5.1 Main Config (config/app.yaml)

app:
  name: "ATS Optimizer"
  version: "1.0.0"

database:
  url: "sqlite:///data/ats_optimizer.db"

llm:
  provider: "ollama"           # ollama | openai | gemini
  model: "llama3"              # Model name
  api_key: null                # Only for cloud providers
  base_url: "http://localhost:11434"

browser:
  engine: "playwright"         # playwright | selenium
  headless: true               # false for debugging
  user_data_dir: "data/browser_profiles"

notifications:
  enabled: true
  method: "desktop"            # desktop | telegram | email
  telegram_bot_token: null
  telegram_chat_id: null

5.2 Selectors Config (config/selectors/linkedin.yaml)
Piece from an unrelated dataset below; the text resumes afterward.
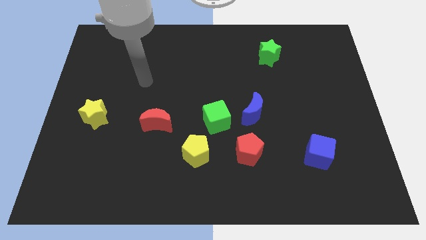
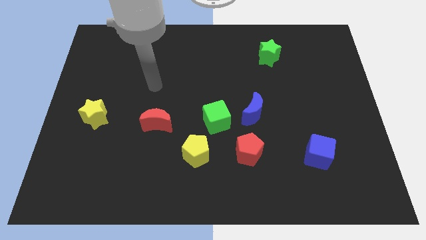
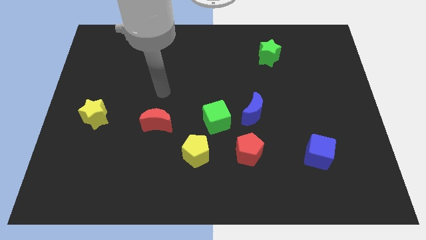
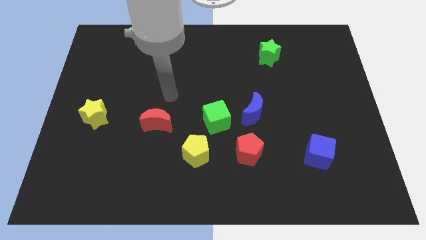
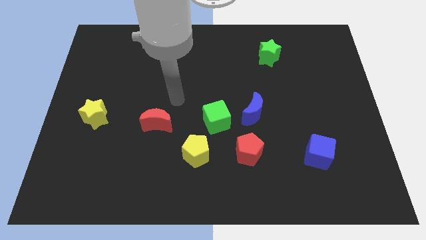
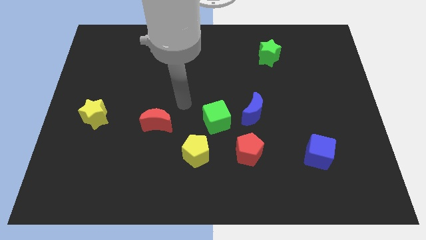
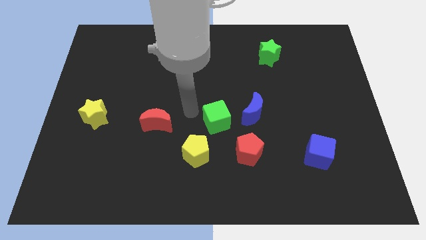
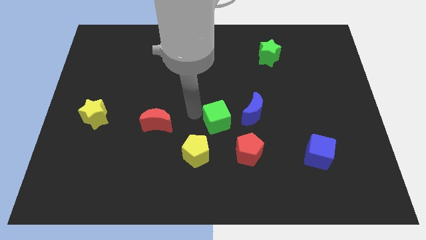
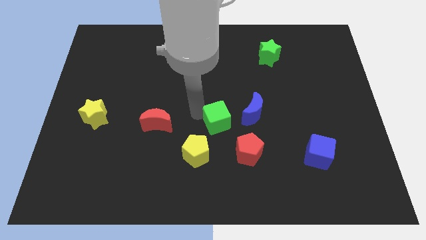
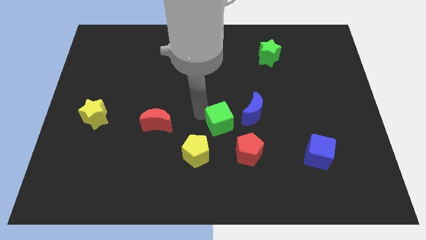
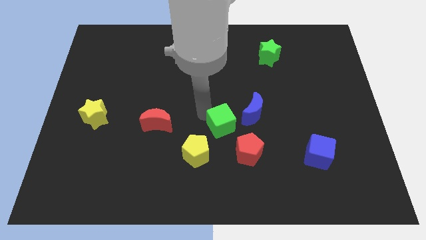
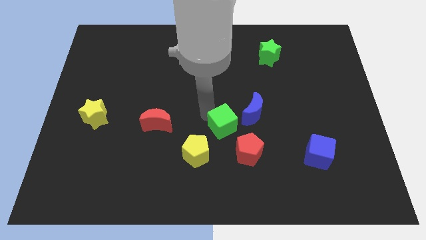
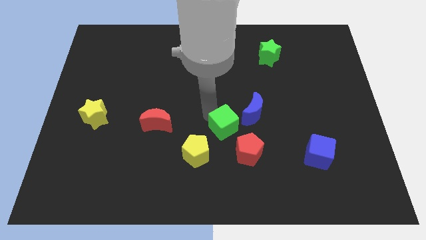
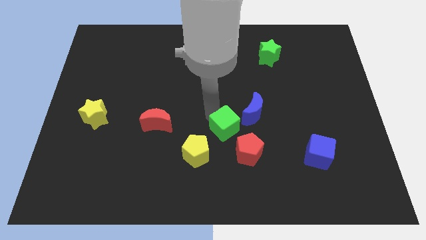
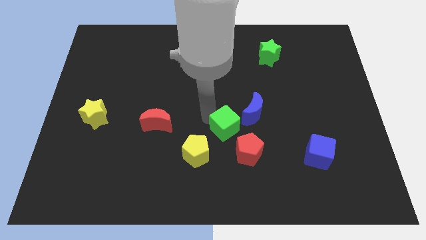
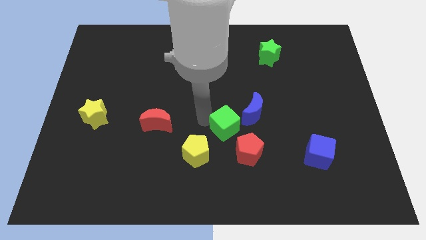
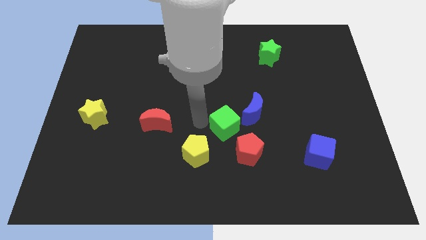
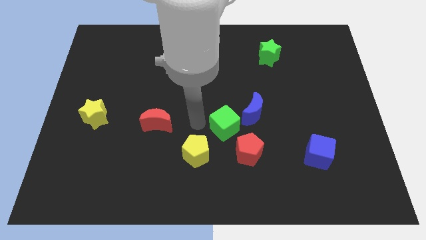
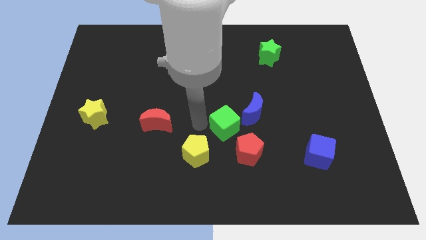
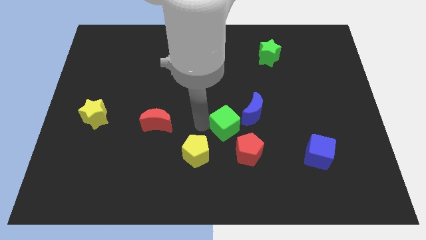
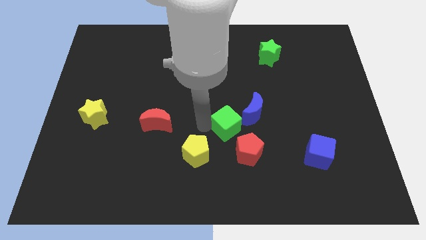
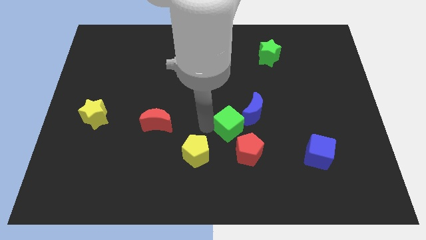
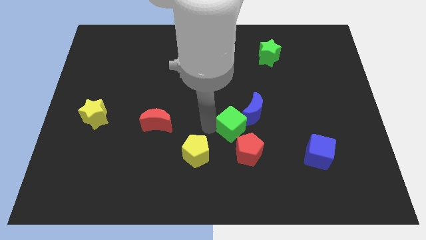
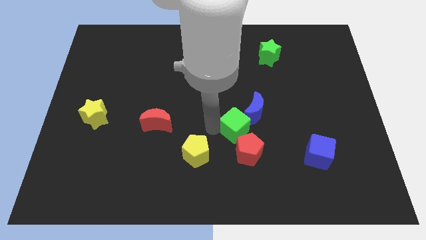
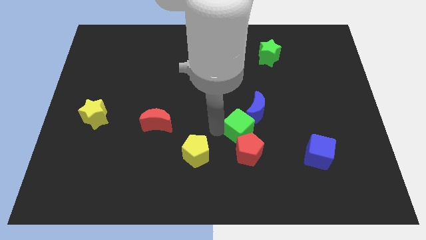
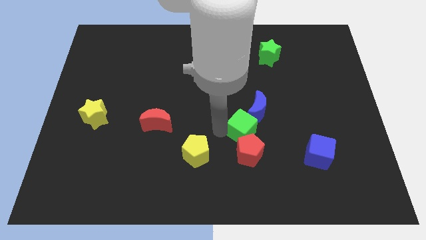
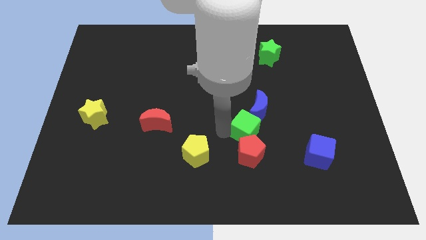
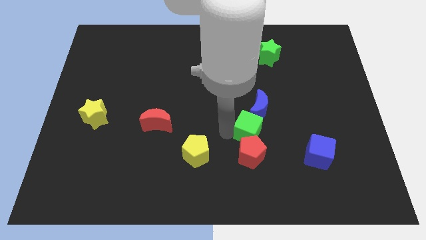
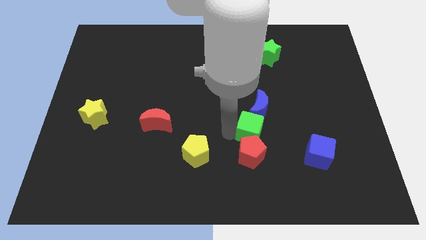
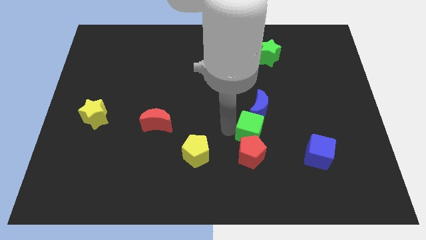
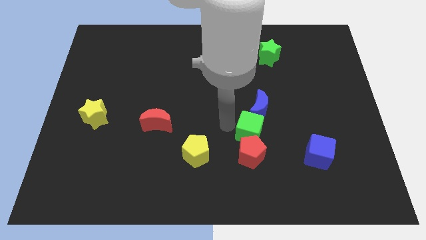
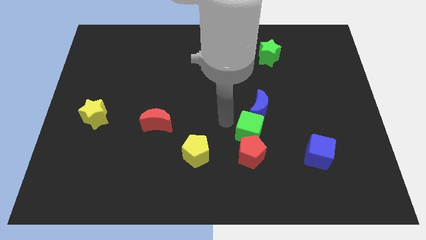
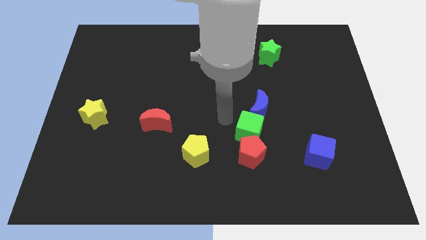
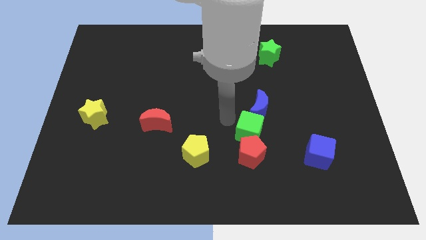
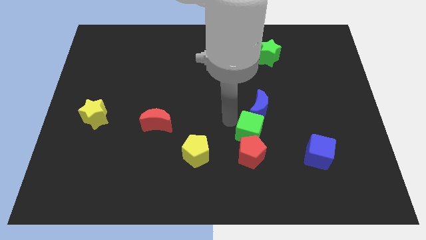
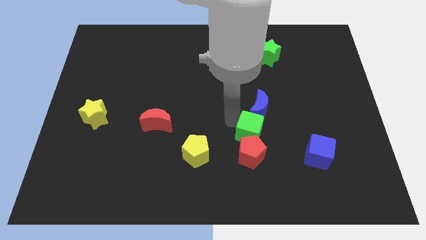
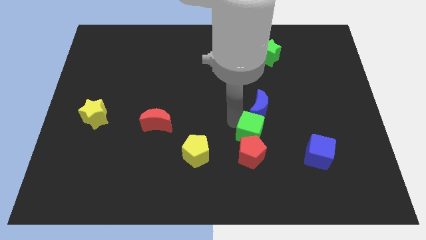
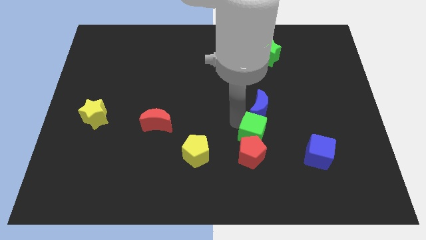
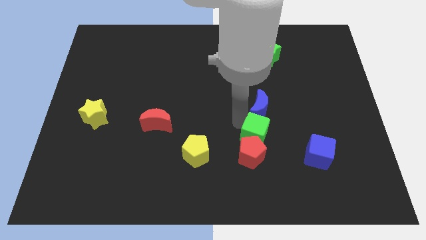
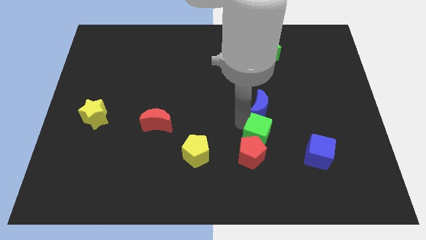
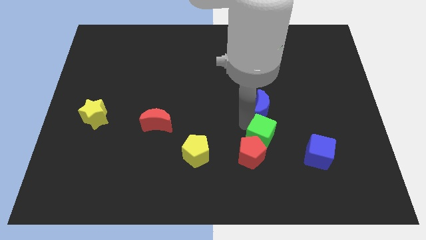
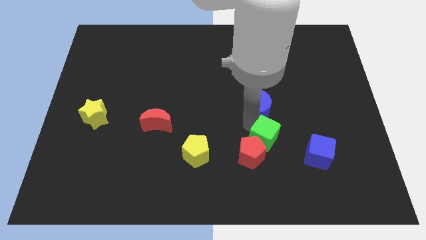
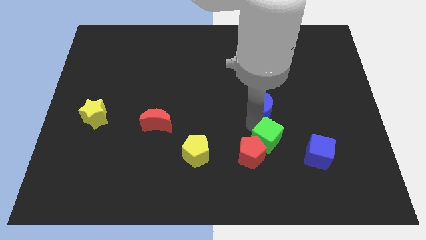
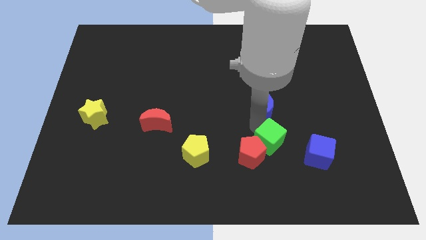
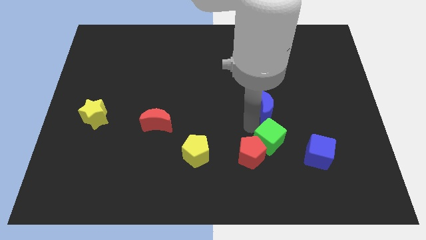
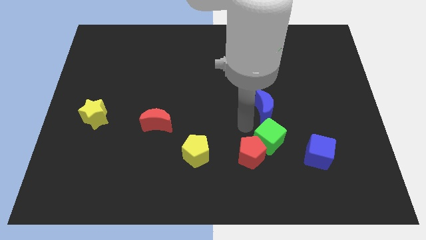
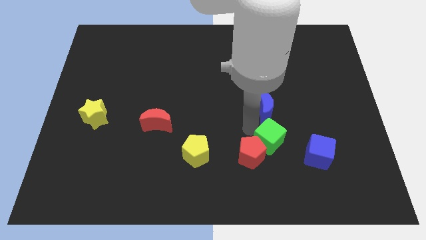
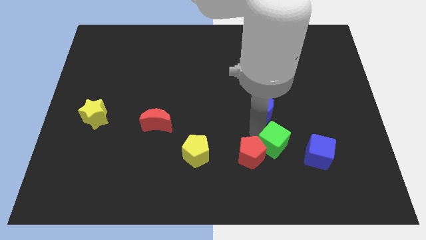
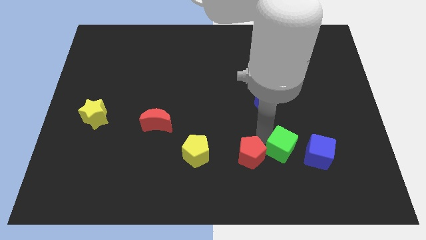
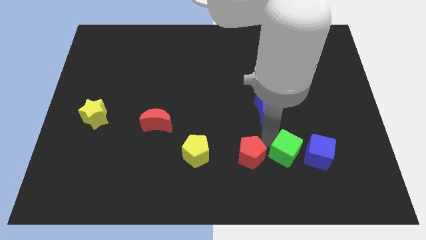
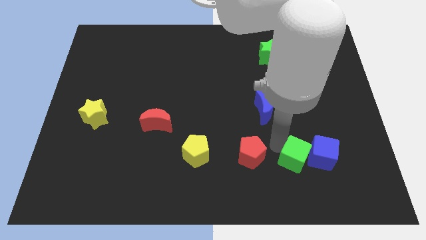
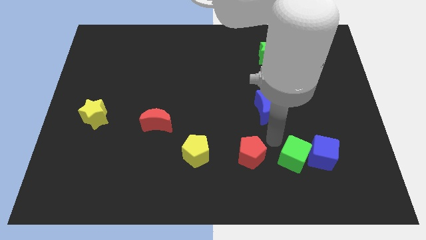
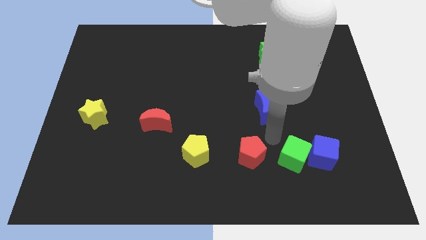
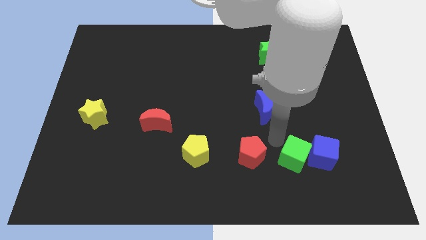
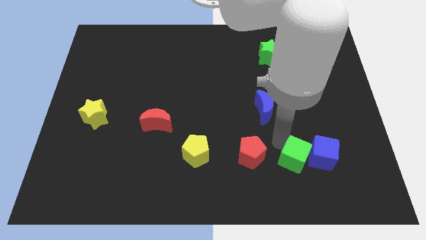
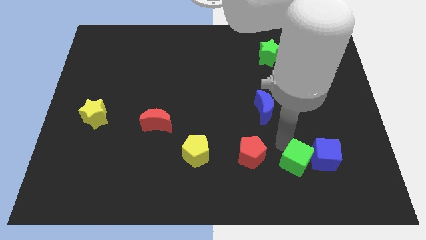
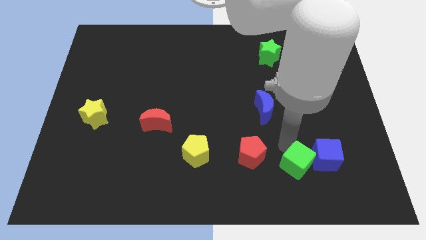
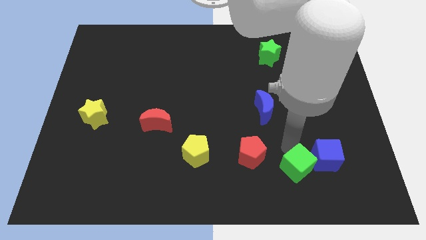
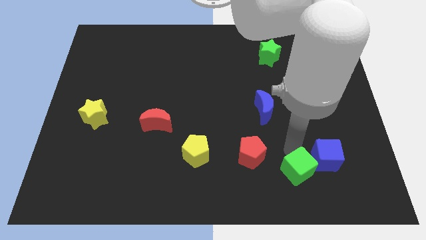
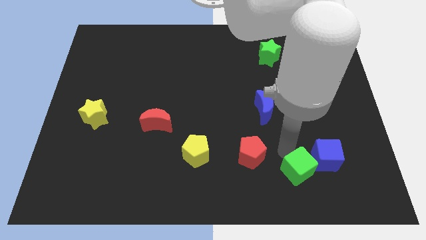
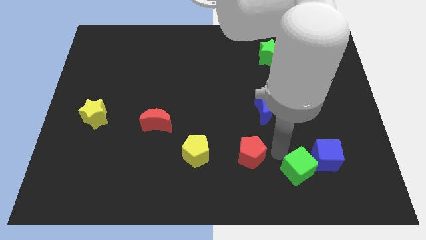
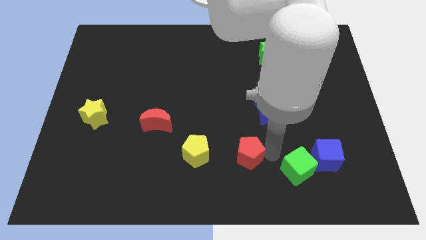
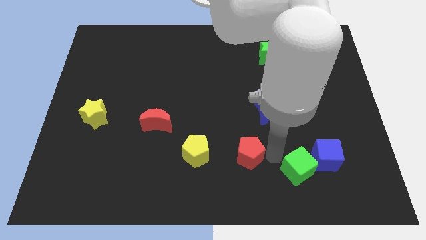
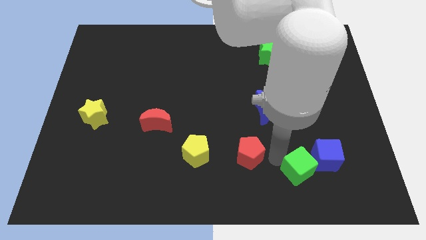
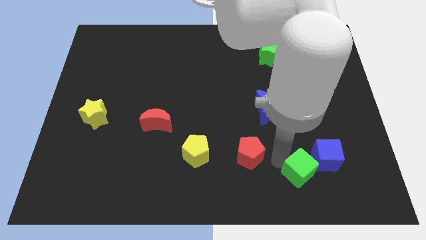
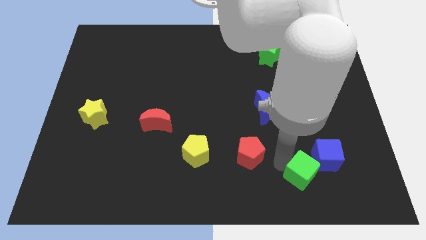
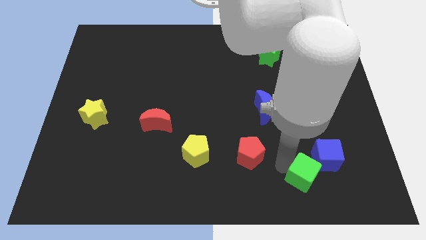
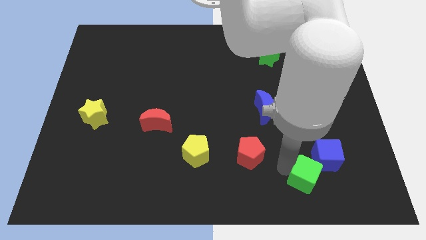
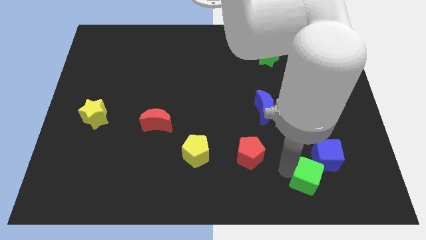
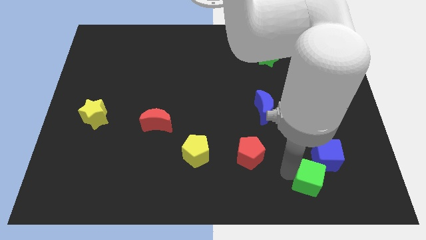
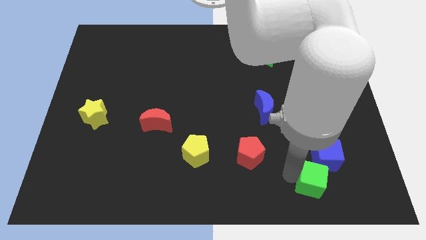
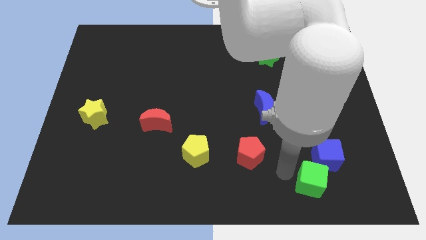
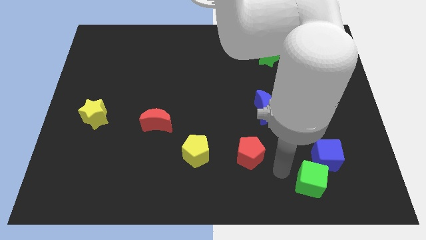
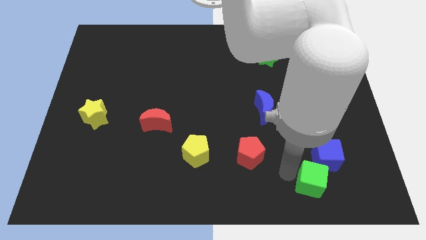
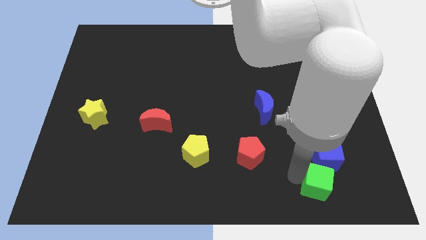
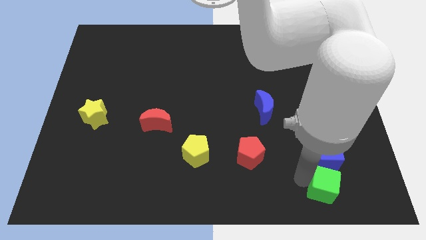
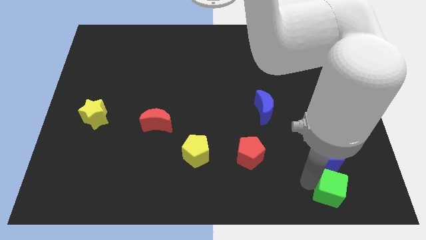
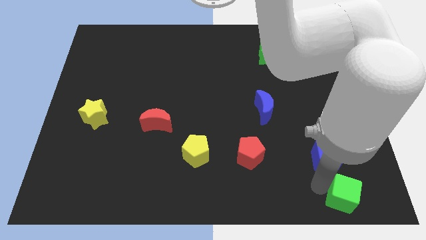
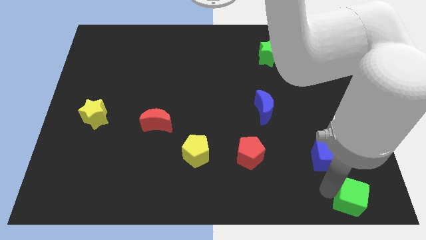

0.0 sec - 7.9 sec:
move the green cube to the bottom right

# Externalized selectors — easy to update when LinkedIn changes its DOM
login:
  username_input: "#username"
  password_input: "#password"
  login_button: "button[type='submit']"

search:
  search_box: "input[id='jobs-search-box-keyword-id-ember']"
  location_box: "input[id='jobs-search-box-location-id-ember']"
  easy_apply_filter: "button[aria-label='Easy Apply filter']"
  job_cards: "div.job-card-container"
  job_title: "a.job-card-list__title"
  job_company: "span.job-card-container__primary-description"

easy_apply:
  apply_button: "button.jobs-apply-button"
  modal: "div.jobs-easy-apply-modal"
  next_button: "button[aria-label='Continue to next step']"
  review_button: "button[aria-label='Review your application']"
  submit_button: "button[aria-label='Submit application']"
  close_button: "button[aria-label='Dismiss']"
  file_input: "input[type='file']"
  text_inputs: "input[type='text']:not([readonly]), textarea"
  select_inputs: "select"
  radio_inputs: "fieldset input[type='radio']"
  error_banner: "div.artdeco-inline-feedback--error"

6. Error Handling Strategy

Error Type Handling
Network timeout Retry 3 times with exponential backoff (2s, 4s, 8s)
Element not found Screenshot + log. Skip this job, continue pipeline.
Login failed Alert user. Pause pipeline.
CAPTCHA Screenshot + alert. Wait for manual solve.
Rate limited / blocked Pause pipeline for configured break duration.
LLM error Retry once. If fails, use template summary (no LLM).
PDF generation error Log error. Skip this job.
Database error Critical — stop pipeline, alert user.